WHAT NEEDS TO BE DONE - The expected output is every record below, transcribed exactly, with the pictures left out.

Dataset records
▶

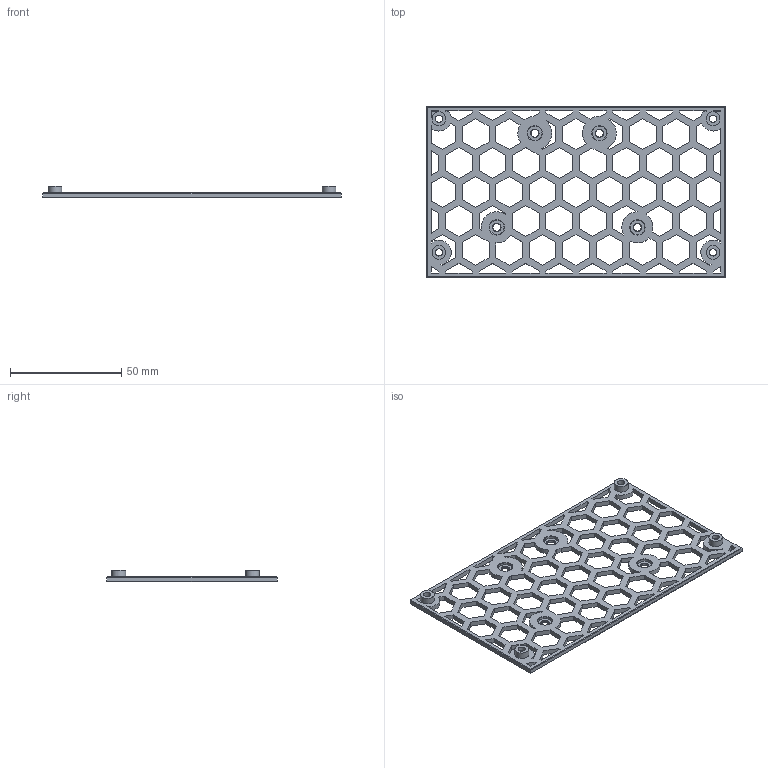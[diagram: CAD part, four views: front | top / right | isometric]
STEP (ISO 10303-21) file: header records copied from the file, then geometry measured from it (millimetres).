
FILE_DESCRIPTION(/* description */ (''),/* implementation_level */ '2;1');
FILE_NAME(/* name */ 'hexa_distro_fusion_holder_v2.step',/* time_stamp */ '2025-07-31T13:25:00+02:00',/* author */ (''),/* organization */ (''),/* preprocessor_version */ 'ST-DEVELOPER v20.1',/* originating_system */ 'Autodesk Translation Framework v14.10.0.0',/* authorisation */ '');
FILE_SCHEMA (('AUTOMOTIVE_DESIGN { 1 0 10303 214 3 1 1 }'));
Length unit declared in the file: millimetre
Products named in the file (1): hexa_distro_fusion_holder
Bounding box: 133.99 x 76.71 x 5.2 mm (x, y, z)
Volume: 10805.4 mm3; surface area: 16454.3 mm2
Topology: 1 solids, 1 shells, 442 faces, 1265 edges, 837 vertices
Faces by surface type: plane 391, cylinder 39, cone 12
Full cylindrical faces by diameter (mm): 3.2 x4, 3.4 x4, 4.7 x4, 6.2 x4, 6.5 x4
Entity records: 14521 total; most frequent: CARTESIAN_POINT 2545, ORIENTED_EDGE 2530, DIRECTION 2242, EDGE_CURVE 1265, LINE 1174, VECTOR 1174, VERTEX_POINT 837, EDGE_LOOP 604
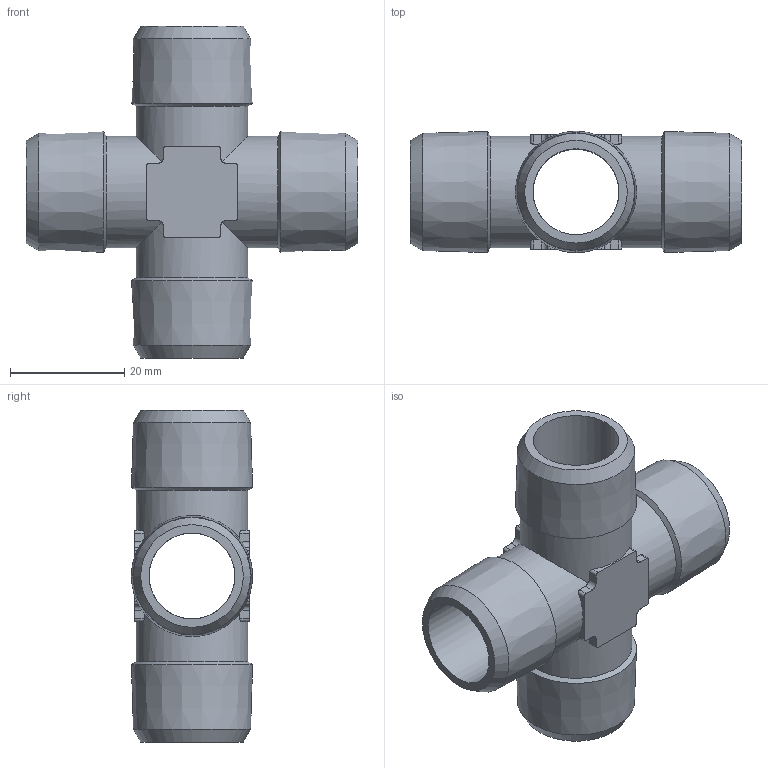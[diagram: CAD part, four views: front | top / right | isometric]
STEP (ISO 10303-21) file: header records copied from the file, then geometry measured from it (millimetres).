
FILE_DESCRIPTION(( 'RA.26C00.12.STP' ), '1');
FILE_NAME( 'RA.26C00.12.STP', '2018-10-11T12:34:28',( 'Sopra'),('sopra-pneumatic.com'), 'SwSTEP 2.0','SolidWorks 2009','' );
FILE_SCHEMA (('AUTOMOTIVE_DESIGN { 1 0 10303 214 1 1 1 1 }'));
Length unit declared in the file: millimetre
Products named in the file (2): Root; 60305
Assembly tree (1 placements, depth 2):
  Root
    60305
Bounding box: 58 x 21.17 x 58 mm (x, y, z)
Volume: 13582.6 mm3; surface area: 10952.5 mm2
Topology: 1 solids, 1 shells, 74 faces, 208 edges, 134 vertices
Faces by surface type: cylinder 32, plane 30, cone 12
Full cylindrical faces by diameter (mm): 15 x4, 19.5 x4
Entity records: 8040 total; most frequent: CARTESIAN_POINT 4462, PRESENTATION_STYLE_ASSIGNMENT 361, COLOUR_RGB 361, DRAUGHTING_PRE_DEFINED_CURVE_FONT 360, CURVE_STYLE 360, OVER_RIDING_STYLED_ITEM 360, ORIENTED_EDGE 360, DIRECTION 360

◀

EXERCISE SOLUTION -
[diagram: CAD part, four views: front | top / right | isometric]
STEP (ISO 10303-21) file: header records copied from the file, then geometry measured from it (millimetres).
FILE_DESCRIPTION(/* description */ (''),/* implementation_level */ '2;1');
FILE_NAME(/* name */ 'hexa_distro_fusion_holder_v2.step',/* time_stamp */ '2025-07-31T13:25:00+02:00',/* author */ (''),/* organization */ (''),/* preprocessor_version */ 'ST-DEVELOPER v20.1',/* originating_system */ 'Autodesk Translation Framework v14.10.0.0',/* authorisation */ '');
FILE_SCHEMA (('AUTOMOTIVE_DESIGN { 1 0 10303 214 3 1 1 }'));
Length unit declared in the file: millimetre
Products named in the file (1): hexa_distro_fusion_holder
Bounding box: 133.99 x 76.71 x 5.2 mm (x, y, z)
Volume: 10805.4 mm3; surface area: 16454.3 mm2
Topology: 1 solids, 1 shells, 442 faces, 1265 edges, 837 vertices
Faces by surface type: plane 391, cylinder 39, cone 12
Full cylindrical faces by diameter (mm): 3.2 x4, 3.4 x4, 4.7 x4, 6.2 x4, 6.5 x4
Entity records: 14521 total; most frequent: CARTESIAN_POINT 2545, ORIENTED_EDGE 2530, DIRECTION 2242, EDGE_CURVE 1265, LINE 1174, VECTOR 1174, VERTEX_POINT 837, EDGE_LOOP 604
[diagram: CAD part, four views: front | top / right | isometric]
STEP (ISO 10303-21) file: header records copied from the file, then geometry measured from it (millimetres).
FILE_DESCRIPTION(( 'RA.26C00.12.STP' ), '1');
FILE_NAME( 'RA.26C00.12.STP', '2018-10-11T12:34:28',( 'Sopra'),('sopra-pneumatic.com'), 'SwSTEP 2.0','SolidWorks 2009','' );
FILE_SCHEMA (('AUTOMOTIVE_DESIGN { 1 0 10303 214 1 1 1 1 }'));
Length unit declared in the file: millimetre
Products named in the file (2): Root; 60305
Assembly tree (1 placements, depth 2):
  Root
    60305
Bounding box: 58 x 21.17 x 58 mm (x, y, z)
Volume: 13582.6 mm3; surface area: 10952.5 mm2
Topology: 1 solids, 1 shells, 74 faces, 208 edges, 134 vertices
Faces by surface type: cylinder 32, plane 30, cone 12
Full cylindrical faces by diameter (mm): 15 x4, 19.5 x4
Entity records: 8040 total; most frequent: CARTESIAN_POINT 4462, PRESENTATION_STYLE_ASSIGNMENT 361, COLOUR_RGB 361, DRAUGHTING_PRE_DEFINED_CURVE_FONT 360, CURVE_STYLE 360, OVER_RIDING_STYLED_ITEM 360, ORIENTED_EDGE 360, DIRECTION 360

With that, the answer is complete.